И вот теперь, с интересом слушая Ломоносова, гость сочувственно улыбался ему.
- Я Сашку Сумарокова давно знаю. Он еще у матушки Елизаветы тарелки на кухне вылизывал. И ныне, поди, милостивой государыне нашей все глаза намозолил, все пороги пообивал во дворцах да в палатах. В знать лезет...
Да и Васька Тредьяковский - кутья кислая - не лучше его: в "Трудолюбивой Пчеле" паскивили на меня строчит, желчь распускает (сие по-гречески зовется - диатриба), мол, малеванная живопись превосходней мозаичной...
Дурак! Да Болонская Академия наук намеднись избрала меня за мозаику-то почетным членом своим. И сим - горжусь. А он... Виршеплет! Его вирши только на подтирку разве... Ему ли в ямбах разбираться да в хореях. А вот пойдем-ка, пойдем, Алексей Григорьич, ваше графское сиятельство, наверх, там посветлее, я покажу вам "Полтавскую баталию". Я одной мозаичной работою не токмо Ваську Тредьяковского, а точию всех итальянцев поражу.

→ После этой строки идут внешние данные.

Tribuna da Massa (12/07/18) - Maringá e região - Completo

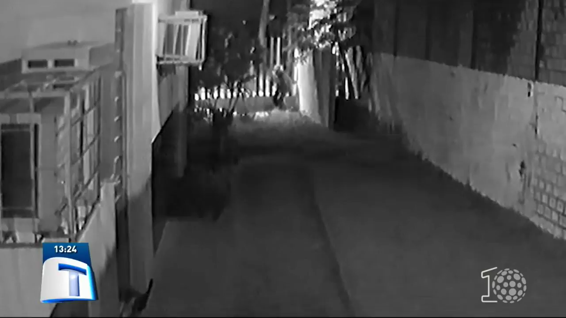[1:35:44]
olha ao redor e abaixa De repente levanta e tenta forçar uma porta Mexe na fechadura e como não consegue abrir,
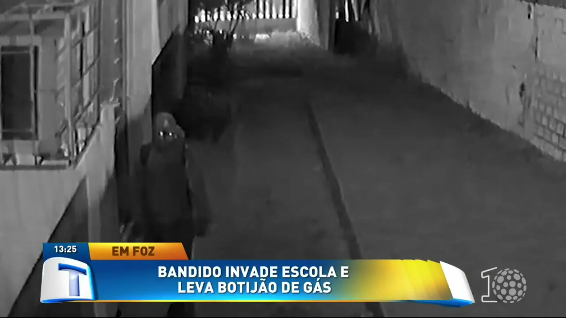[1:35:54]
segue o caminho Ele está de boné e carrega uma mochila Nesse outro vídeo é possível ver o suspeito atrás de uma árvore Ele tenta abrir outra porta Dessa vez se abaixa e parece pegar uma ferramenta na bolsa O bandido fica um tempo ali Mas por não conseguir abrir, segue para a outra porta Aqui ele também se abaixa Força a parte de baixo Só que mais uma vez, não consegue nada Na sequência ele vai para a janela de ferro Mexe, mas ela continua intacta O ladrão então desce as escadas Aqui
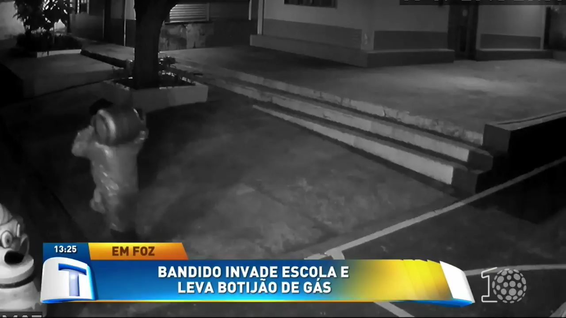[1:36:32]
botijão de gás É esse que está carregando,
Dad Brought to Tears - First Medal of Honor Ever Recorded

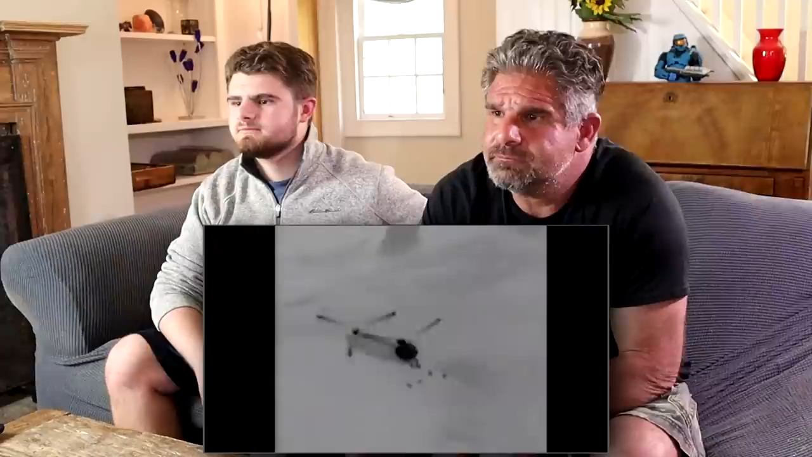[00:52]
Oh, look at this. Chapman and the SEALs exfilled their MH-47 helicopter. John is the second individual to exit and immediately moves in the direction of the summit.
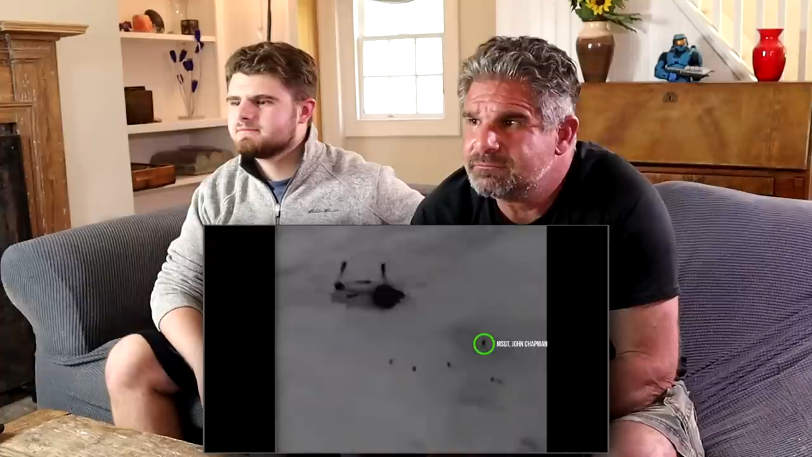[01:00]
It's real cold. He can be seen moving off to the right of the screen, alone. Why? The team is taking heavy fire from every direction, as indicated by the arrows, as Chapman begins engaging targets.
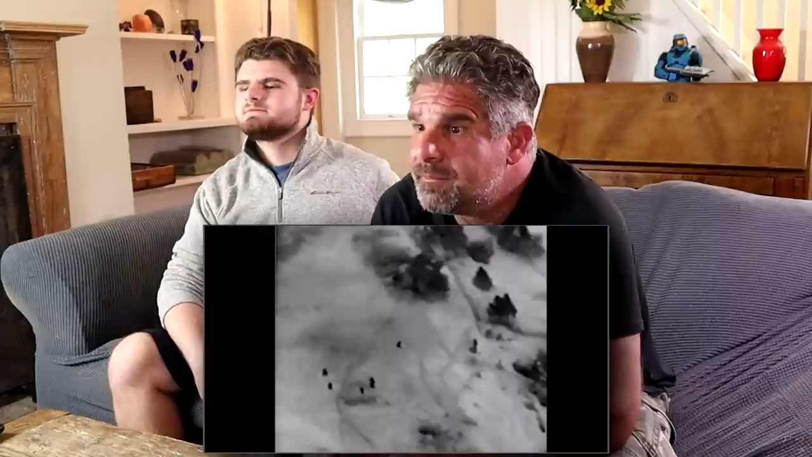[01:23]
Chapman then begins closing with the enemy, forcing his way upslope in knee- and thigh-deep snow. Oh, really? He is constantly under fire as he does this. Chapman's team leader begins to close on Chapman, following his trail through the snow. Yeah, look at him. See him? One there? The dark mass above Chapman is a fortified bunker containing two enemy fighters, each armed with AK-47s, who are firing down on the team in the darkness. Yeah, I see him.
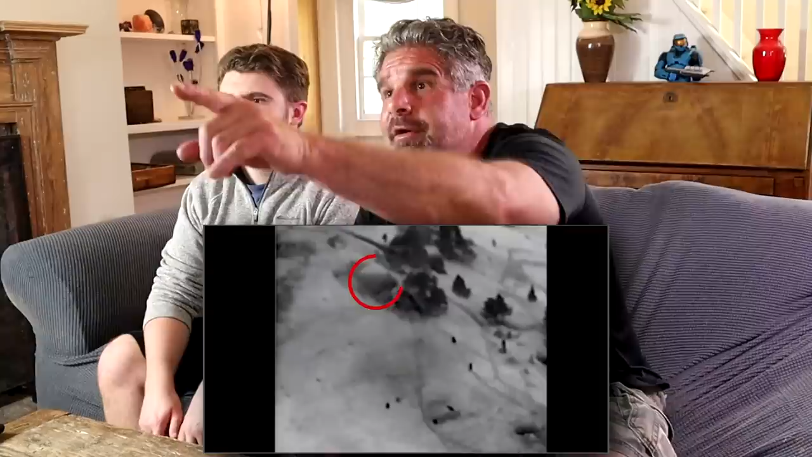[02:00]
This is a rock outcropping that came to be called the boulder. Between Bunker One and his boulder can be seen the body of slain SEAL, Neil Roberts, the man Chapman and the others, are attempting to recover. He didn't make it. He's already dead? He said slain. I'll go see him. He's up there, right? I think there could be trees. I don't know. They're in the trees.
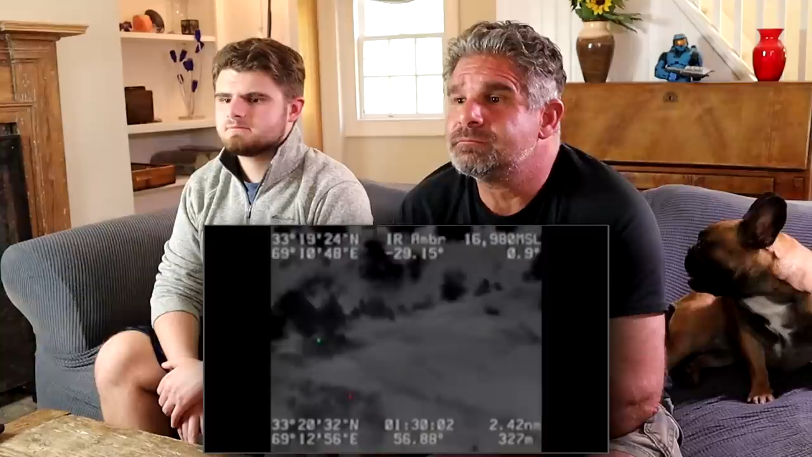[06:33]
The lower center of the screen shows the first enemy fighter who is about to charge Chapman in the hopes of killing the American. The timestamp at the bottom shows it is now 6.05 in the morning and fully light. He's been fighting alone now for 40 plus minutes and has received more gunshot and shrapnel wounds as a result of the fierce combat.
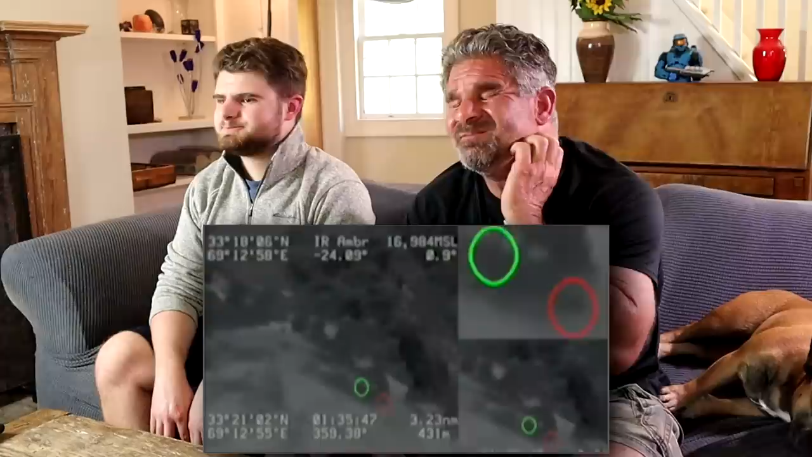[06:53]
This scene shows the second of several enemy charges. In this stunning display of determination and courage, Chapman can be seen fighting hand-to-hand with the fighter. In the larger screen display can be seen additional enemy moving on to the summit. But right now, John Chapman is fighting for his life.
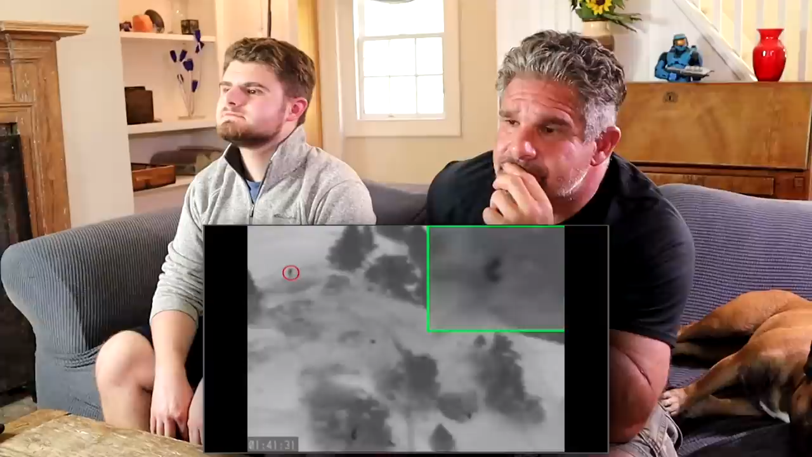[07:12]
Six minutes later, in this new shot, Chapman can hear another helicopter approaching the summit. He is in the bottom center of the screen underneath the tree and can be seen in the magnified inset box as he begins his desperate final stand to save the lives of the 18 men on the helicopter. The red dots are enemy fighters. John begins engaging the enemy in multiple directions and is rapidly approaching the last of his ammunition. The helicopter contains a quick reaction force comprised of rangers, pararescuemen and another combat controller.
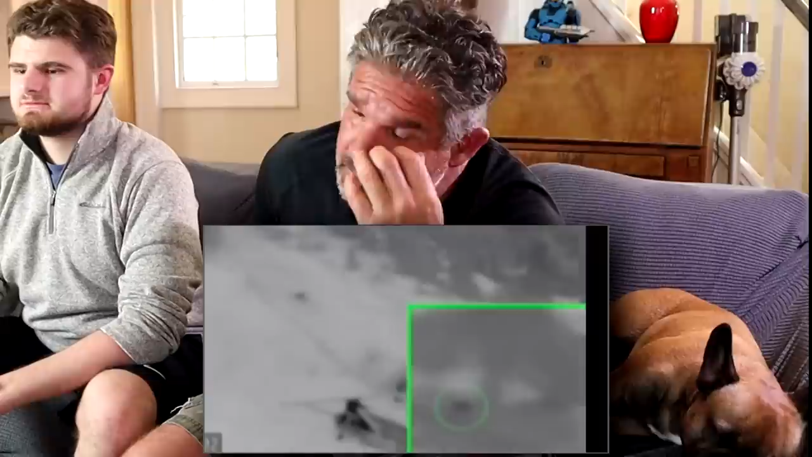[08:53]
after 16 bullet and shrapnel wounds, Chapman succumbs when he is shot through the heart. You will never know his final thoughts or words, but what we do know is,

Богатыри, колебля шагами темную лестницу, поднялись наверх.
Отдышавшись и потерев правую коленку, Ломоносов подвел Орлова к массивному, из бревен, станку, на котором покоилась огромная - в ширину двенадцать, в вышину одиннадцать аршин - батальная картина Полтавского боя, на переднем плане Петр I на коне.
- Камушков стеклянных, из коих картина сложена, десятки тысяч, - сказал Ломоносов. - На медной сковороде она укреплена, оная сковорода со скобами весит сто тридцать пудов. Махина!
Солнце било мимо фигуры Петра. Орлов схватил станок и хотел передвинуть так, чтобы фигура Петра попала под солнечные лучи. Станок скрипел, не подавался. Ломоносов сказал:
- Легче солнце повернуть, чем станок.
Орлов сорвал перчатки, сунул их в карман камзола, вновь вцепился в станок, расставил ноги и закусил губы, плечи его набухли мышцами, как чугуном, лицо налилось кровью, рубец на щеке потемнел, он перекосил рот, весь задрожал, станок крякнул и заскорготал, тяжко заелозив со скрипом по полу. Фигура Петра попала под солнце. Разгоняя прилившую кровь, Орлов концами пальцев стал крепко водить по лбу от переносицы к вискам. Глаза его сверкали. Изумленный Ломоносов, выйдя из оцепенения, восторженно захохотал, зааплодировал, шумно закричал:
- Да ведь тут весу пудов с триста! Алексей Григорьич, да вы, ей-богу, Геракл. Ну, помоги вам Зевс очистить конюшни Авгия, - продолжал он другим тоном. - Навозу, навозу у нас - тьфу! - вся Русь в навозе.
Орлов, тяжело дыша и почти не слыша его, повернулся к картине, сказал:
- Ну вот... Теперь вижу, что Петр Алексеич зело хорош...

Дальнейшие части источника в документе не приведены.